Collection entries:
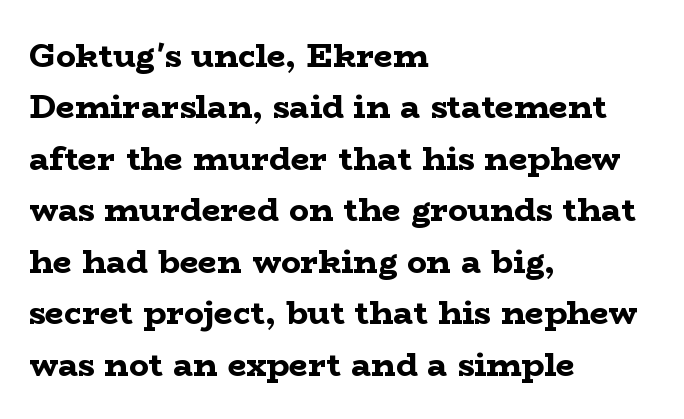
Q: Is the text bold? A: Yes.
Q: Is the text italic (slanted)? A: No, it is upright.
Q: Is the typeface a serif or a sans-serif typeface? A: Serif.
Q: Is the text underlined? A: No.
Q: How is the paragraph aligned? A: Left-aligned.
Q: Is the spacing between letters normal or unusually wide? A: Normal.
Q: Is the spacing between lines tight, normal or loose? A: Normal.
Q: Width (condensed, normal, or wide)? A: Wide.
Q: Stroke contrast? A: Low.
Q: x-height? A: Medium.
Q: Monospaced? A: No.
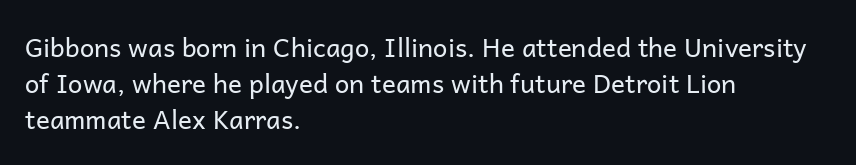
Q: Is the text bold? A: No.
Q: Is the text italic (slanted)? A: No, it is upright.
Q: Is the text underlined? A: No.
Q: How is the paragraph aligned? A: Left-aligned.
Q: Is the spacing between letters normal or unusually wide? A: Normal.
Q: Is the spacing between lines tight, normal or loose? A: Normal.
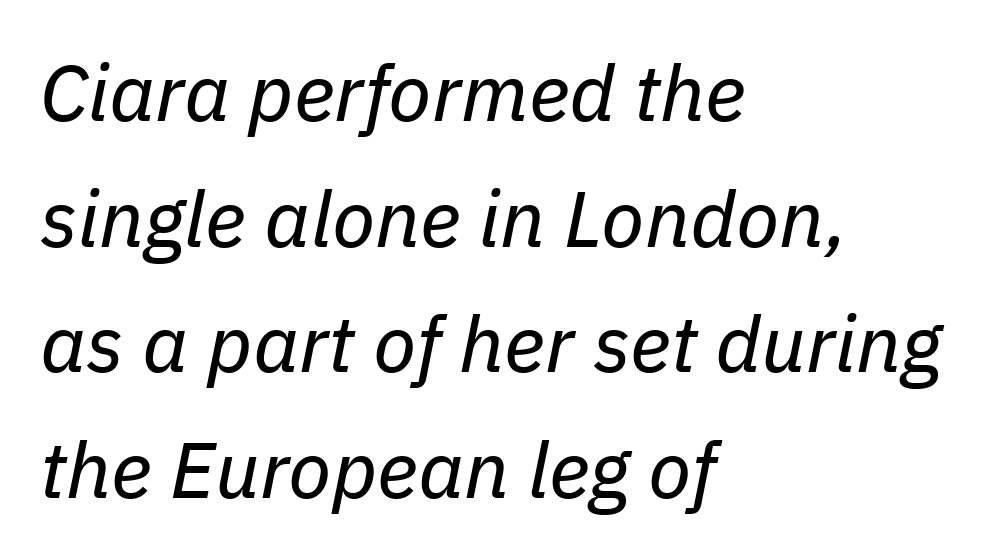
Q: Is the text bold? A: No.
Q: Is the text italic (slanted)? A: Yes, it leans right by about 11 degrees.
Q: Is the text underlined? A: No.
Q: How is the paragraph aligned? A: Left-aligned.
Q: Is the spacing between letters normal or unusually wide? A: Normal.
Q: Is the spacing between lines tight, normal or loose? A: Normal.
Q: Width (condensed, normal, or wide)? A: Normal.
Q: Stroke contrast? A: Low.
Q: x-height? A: Medium.
Q: Monospaced? A: No.
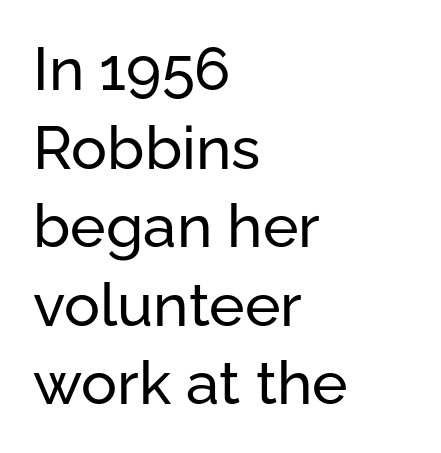
Q: Is the text italic (slanted)? A: No, it is upright.
Q: Is the typeface a serif or a sans-serif typeface? A: Sans-serif.
Q: Is the text underlined? A: No.
Q: How is the paragraph aligned? A: Left-aligned.
Q: Is the spacing between letters normal or unusually wide? A: Normal.
Q: Is the spacing between lines tight, normal or loose? A: Normal.
Q: Width (condensed, normal, or wide)? A: Normal.
Q: Stroke contrast? A: Low.
Q: x-height? A: Medium.
Q: Monospaced? A: No.
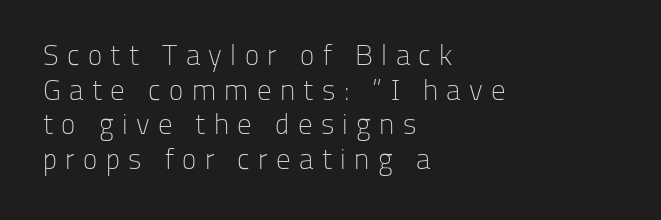
The image shows 29 px light sans-serif type, upright; set left-aligned, line spacing 1.19x, unusually wide letter spacing (+0.29 em), not underlined; low stroke contrast and a medium x-height.
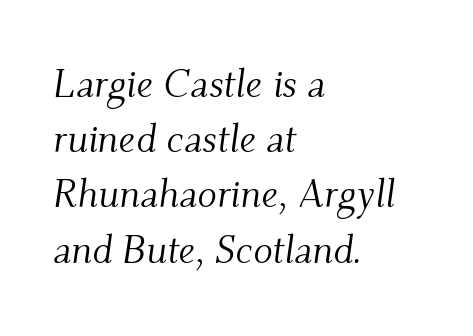
Think of a printed novel: that variable character pitch is what you see here. I'd call this a serif setting — the letters wear small feet. The weight tops out at a normal text grade. Style check: oblique. The block of text has a typical density, with ordinary space between rows. Type without underlining.
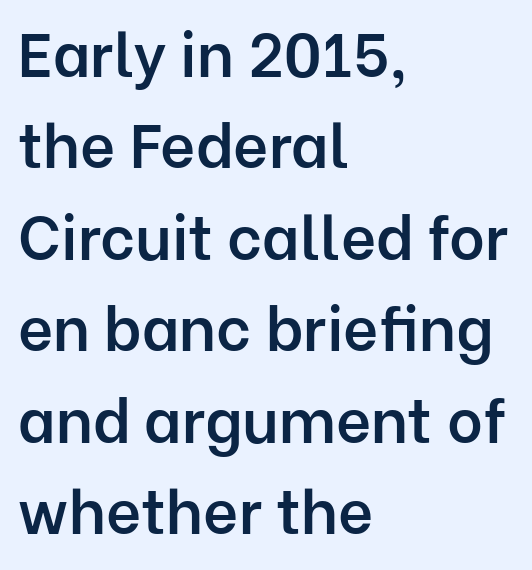
Q: Is the text bold? A: Semi-bold.
Q: Is the text italic (slanted)? A: No, it is upright.
Q: Is the typeface a serif or a sans-serif typeface? A: Sans-serif.
Q: Is the text underlined? A: No.
Q: How is the paragraph aligned? A: Left-aligned.
Q: Is the spacing between letters normal or unusually wide? A: Normal.
Q: Is the spacing between lines tight, normal or loose? A: Normal.
Q: Width (condensed, normal, or wide)? A: Normal.
Q: Stroke contrast? A: Low.
Q: x-height? A: Medium.
Q: Monospaced? A: No.
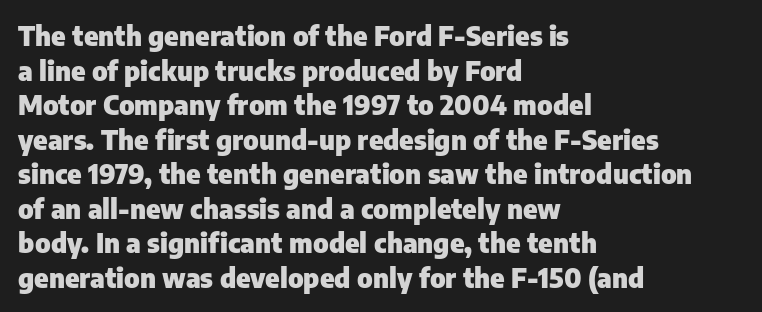
Compared with typical body copy, the letter spacing here is the same. The setting favours the left margin, as ordinary paragraphs usually do. Heft: maximum for text — a bold. Beneath every word, the page is bare. Successive baselines arrive at the customary interval. These lines were composed using upright roman letters.
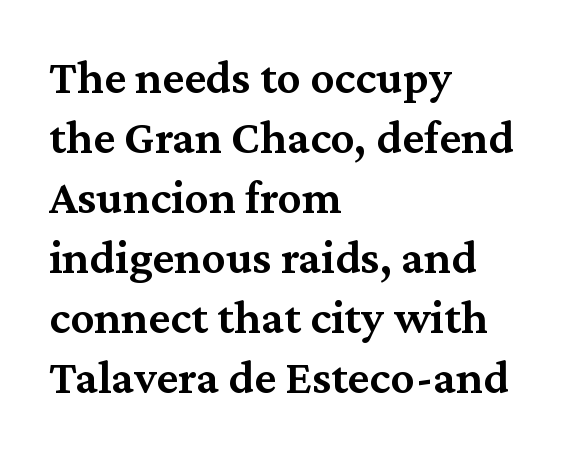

| Task objective |
Restate the data above verbatim, skipping every image.

| Written response |
Q: Is the text bold? A: Yes.
Q: Is the text italic (slanted)? A: No, it is upright.
Q: Is the typeface a serif or a sans-serif typeface? A: Serif.
Q: Is the text underlined? A: No.
Q: How is the paragraph aligned? A: Left-aligned.
Q: Is the spacing between letters normal or unusually wide? A: Normal.
Q: Is the spacing between lines tight, normal or loose? A: Normal.
Q: Width (condensed, normal, or wide)? A: Wide.
Q: Stroke contrast? A: Low.
Q: x-height? A: Medium.
Q: Monospaced? A: No.
Q: Is the text bold? A: No.
Q: Is the text italic (slanted)? A: No, it is upright.
Q: Is the text underlined? A: No.
Q: How is the paragraph aligned? A: Left-aligned.
Q: Is the spacing between letters normal or unusually wide? A: Normal.
Q: Is the spacing between lines tight, normal or loose? A: Normal.
Q: Is the text bold? A: No.
Q: Is the text italic (slanted)? A: Yes, it leans right by about 11 degrees.
Q: Is the text underlined? A: No.
Q: How is the paragraph aligned? A: Left-aligned.
Q: Is the spacing between letters normal or unusually wide? A: Normal.
Q: Is the spacing between lines tight, normal or loose? A: Normal.
Q: Width (condensed, normal, or wide)? A: Normal.
Q: Stroke contrast? A: Low.
Q: x-height? A: Medium.
Q: Monospaced? A: No.
Q: Is the text italic (slanted)? A: No, it is upright.
Q: Is the typeface a serif or a sans-serif typeface? A: Sans-serif.
Q: Is the text underlined? A: No.
Q: How is the paragraph aligned? A: Left-aligned.
Q: Is the spacing between letters normal or unusually wide? A: Normal.
Q: Is the spacing between lines tight, normal or loose? A: Normal.
Q: Width (condensed, normal, or wide)? A: Normal.
Q: Stroke contrast? A: Low.
Q: x-height? A: Medium.
Q: Monospaced? A: No.
The image shows 29 px light sans-serif type, upright; set left-aligned, line spacing 1.19x, unusually wide letter spacing (+0.29 em), not underlined; low stroke contrast and a medium x-height.
Think of a printed novel: that variable character pitch is what you see here. I'd call this a serif setting — the letters wear small feet. The weight tops out at a normal text grade. Style check: oblique. The block of text has a typical density, with ordinary space between rows. Type without underlining.
Q: Is the text bold? A: Semi-bold.
Q: Is the text italic (slanted)? A: No, it is upright.
Q: Is the typeface a serif or a sans-serif typeface? A: Sans-serif.
Q: Is the text underlined? A: No.
Q: How is the paragraph aligned? A: Left-aligned.
Q: Is the spacing between letters normal or unusually wide? A: Normal.
Q: Is the spacing between lines tight, normal or loose? A: Normal.
Q: Width (condensed, normal, or wide)? A: Normal.
Q: Stroke contrast? A: Low.
Q: x-height? A: Medium.
Q: Monospaced? A: No.
Compared with typical body copy, the letter spacing here is the same. The setting favours the left margin, as ordinary paragraphs usually do. Heft: maximum for text — a bold. Beneath every word, the page is bare. Successive baselines arrive at the customary interval. These lines were composed using upright roman letters.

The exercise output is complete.